- Gosch, Jürgen
- (1943- )Director. Gosch became one of the German theater's leading directors in the 1980s, with numerous productions invited to the Berliner Theatertreffen. He began his career in East Germany, where he completed studies as an actor in Berlin. His first engagement was in Mecklenburg, but in 1967 he began working in Potsdam as both an actor and a director. He attracted attention in East and West Germany with his "breakthrough" 1978 staging of Georg Büchner's Léonce und Lena at the Berlin Volksbühne, which the East German regime strongly criticized and soon banned. Soon thereafter Gosch escaped to the West, where he began working in Hannover and Bremen. His most significant directing work emerged initially in Cologne, where his productions of Maxim Gorky's The Lower Depths and Molière's The Misanthrope were widely praised.

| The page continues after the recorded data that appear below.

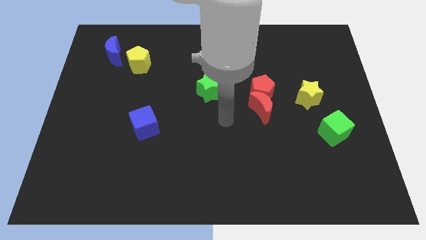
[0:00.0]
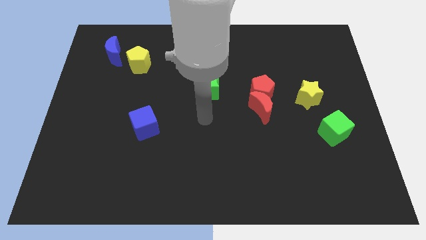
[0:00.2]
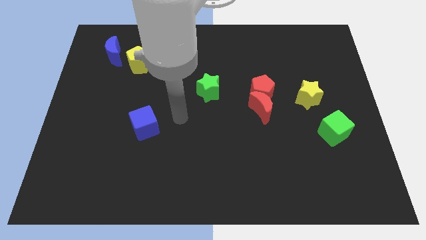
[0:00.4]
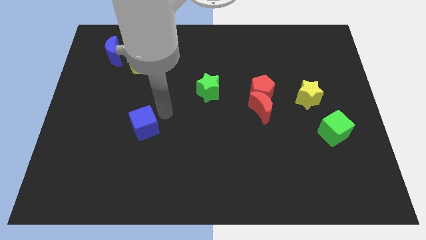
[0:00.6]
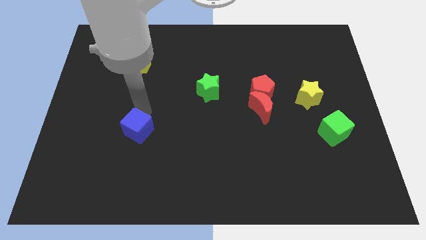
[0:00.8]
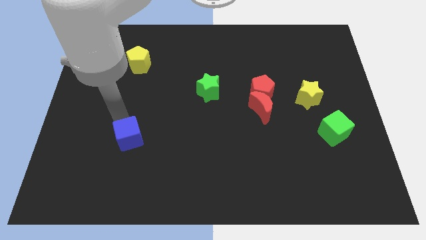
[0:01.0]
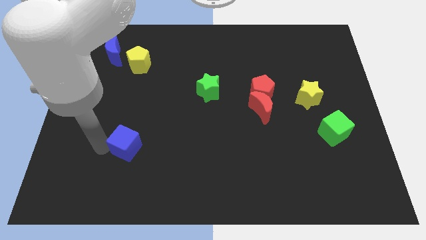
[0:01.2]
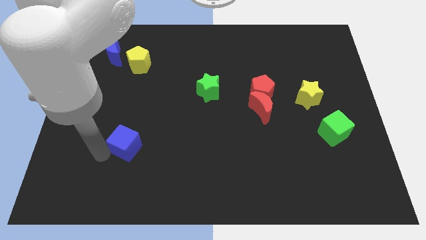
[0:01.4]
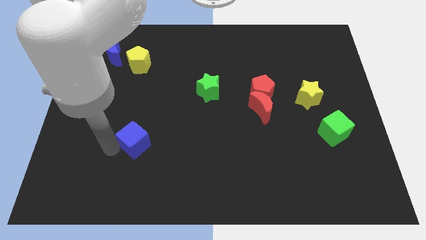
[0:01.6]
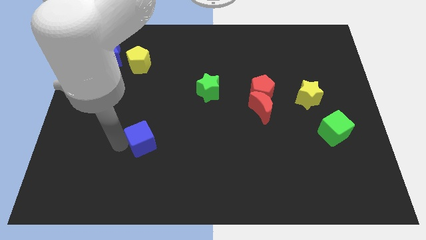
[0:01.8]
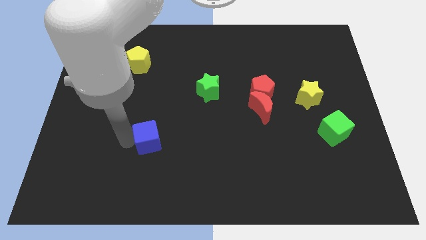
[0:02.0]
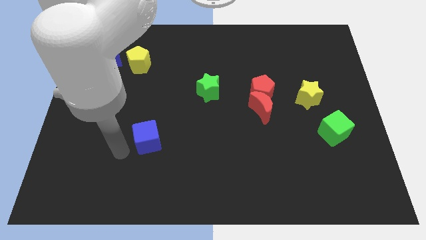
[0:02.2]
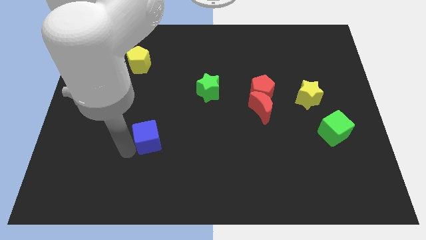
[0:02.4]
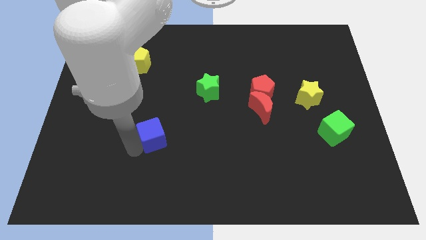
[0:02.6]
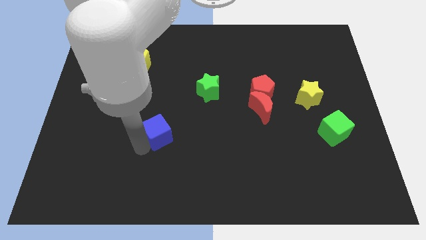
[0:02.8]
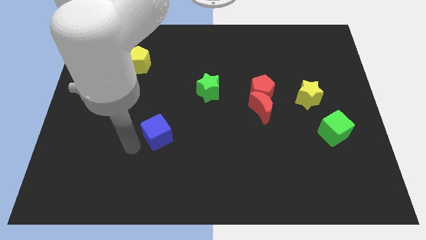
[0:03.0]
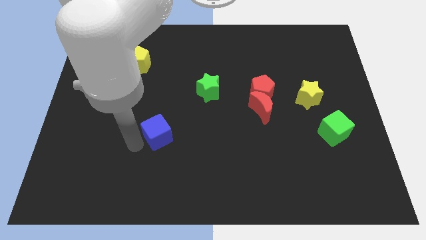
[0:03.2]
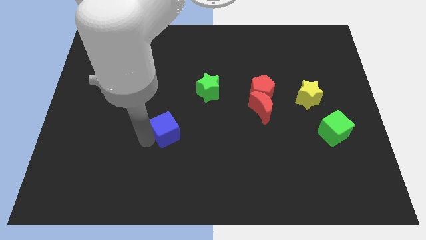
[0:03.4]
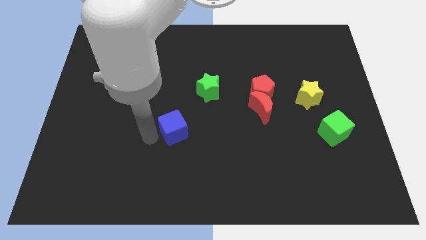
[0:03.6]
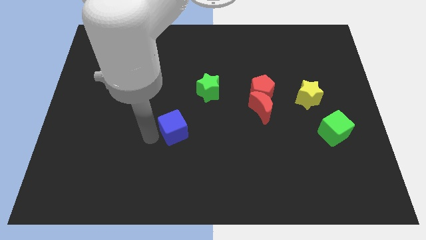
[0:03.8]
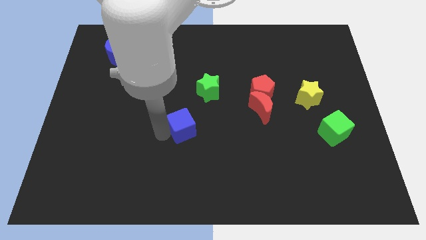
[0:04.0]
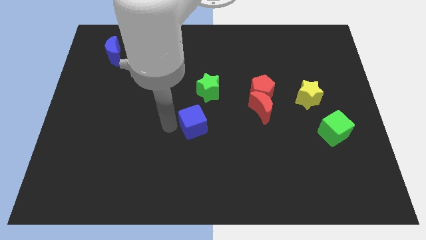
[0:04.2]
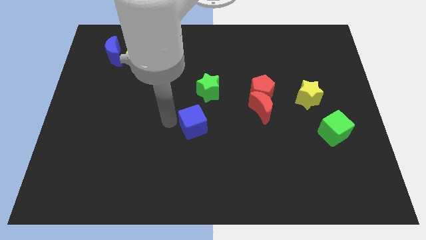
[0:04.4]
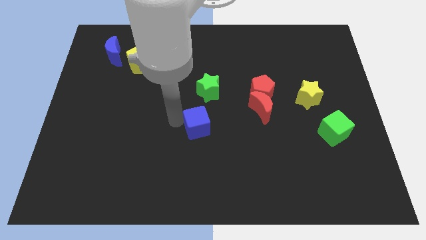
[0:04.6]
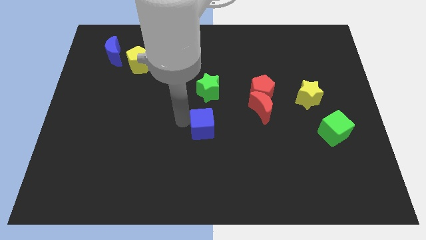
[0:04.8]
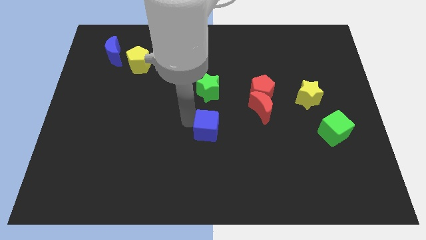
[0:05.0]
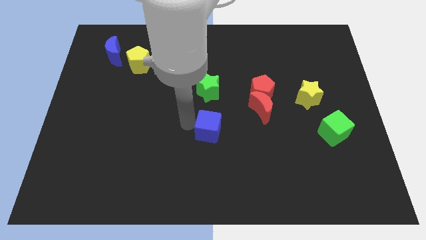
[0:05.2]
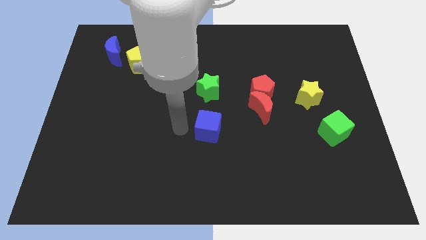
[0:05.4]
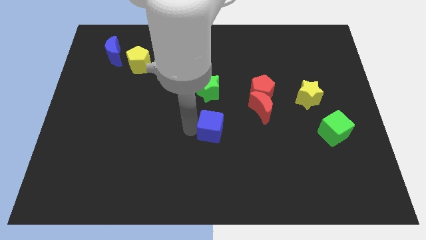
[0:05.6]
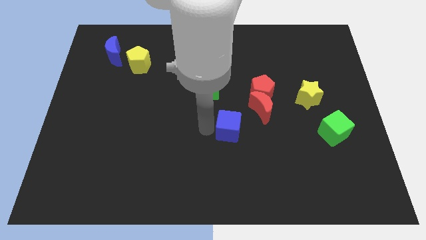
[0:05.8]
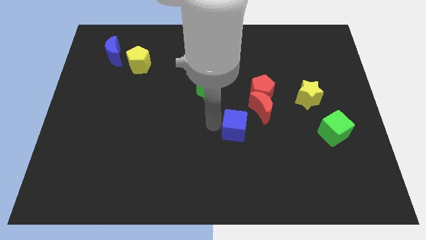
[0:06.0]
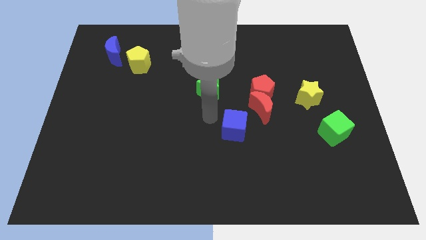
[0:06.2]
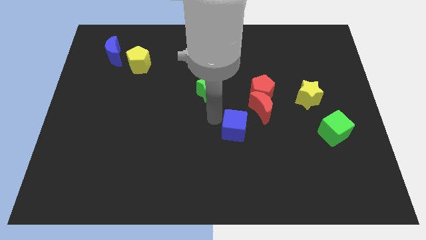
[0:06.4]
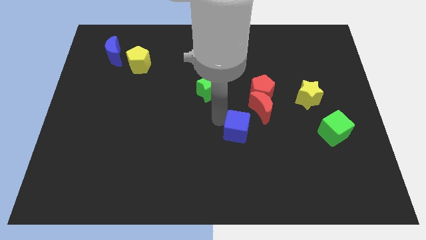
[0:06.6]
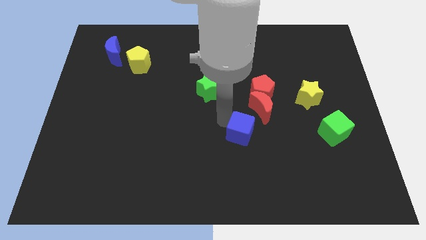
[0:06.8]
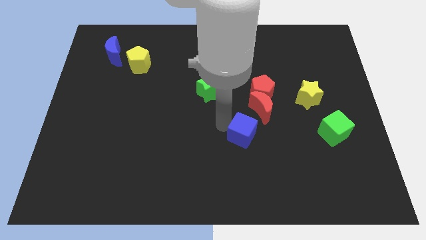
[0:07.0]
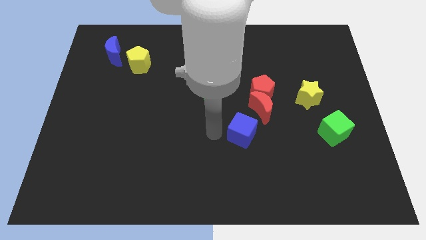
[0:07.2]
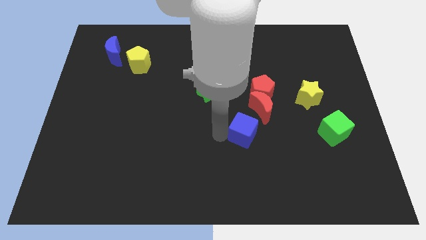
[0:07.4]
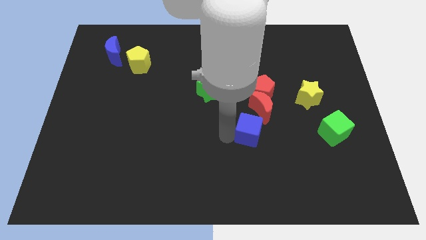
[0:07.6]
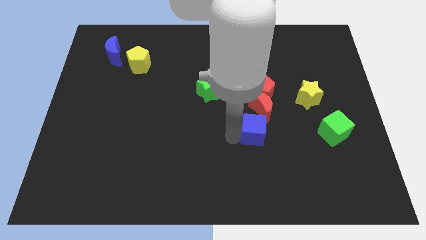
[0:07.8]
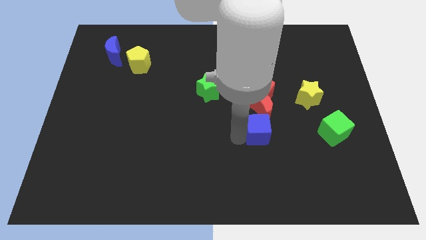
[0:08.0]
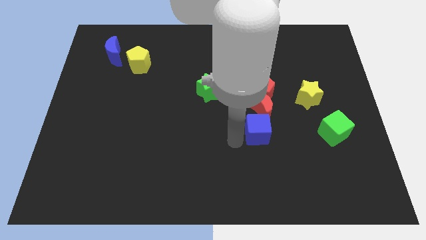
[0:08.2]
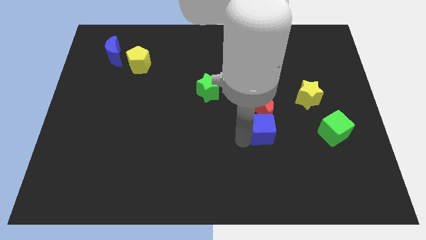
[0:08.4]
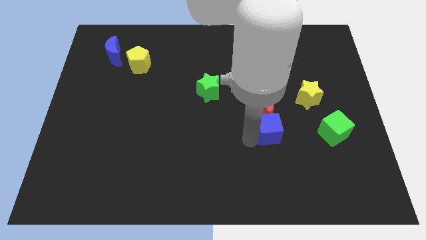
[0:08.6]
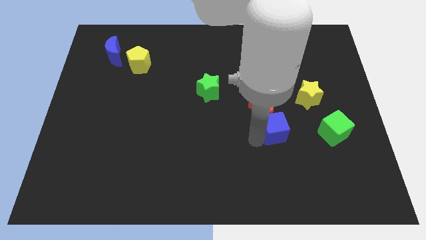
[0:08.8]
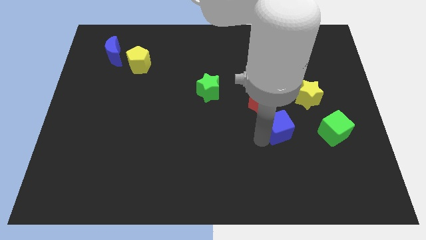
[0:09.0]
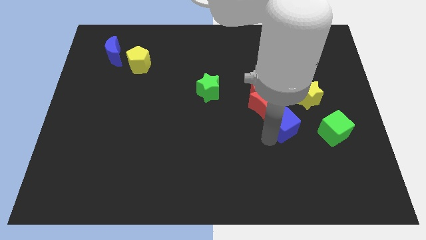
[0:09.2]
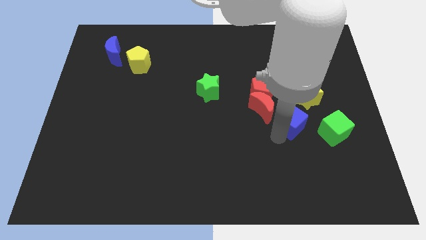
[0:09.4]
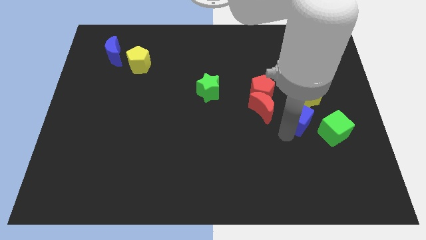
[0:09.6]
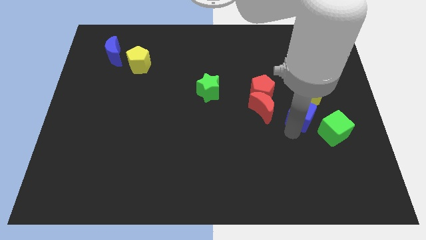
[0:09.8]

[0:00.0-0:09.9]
put the blue cube to the yellow star

Beginning in 1984 Gosch worked steadily under Jürgen Flimm at the Thalia Theater in Hamburg, and his production of Oedipus Tyrannus by Sophocles appeared at the 1986 Theatertreffen. In the 1990s he assumed a similar position under Thomas Langhoff at the Deutsches Theater in Berlin. Gosch's 2005 staging of Edward Albee's Who's Afraid of Virginia Woolf? was widely praised and attracted nationwide attention, including another Theatertreffen invitation.
Historical dictionary of German Theatre. William Grange. 2006.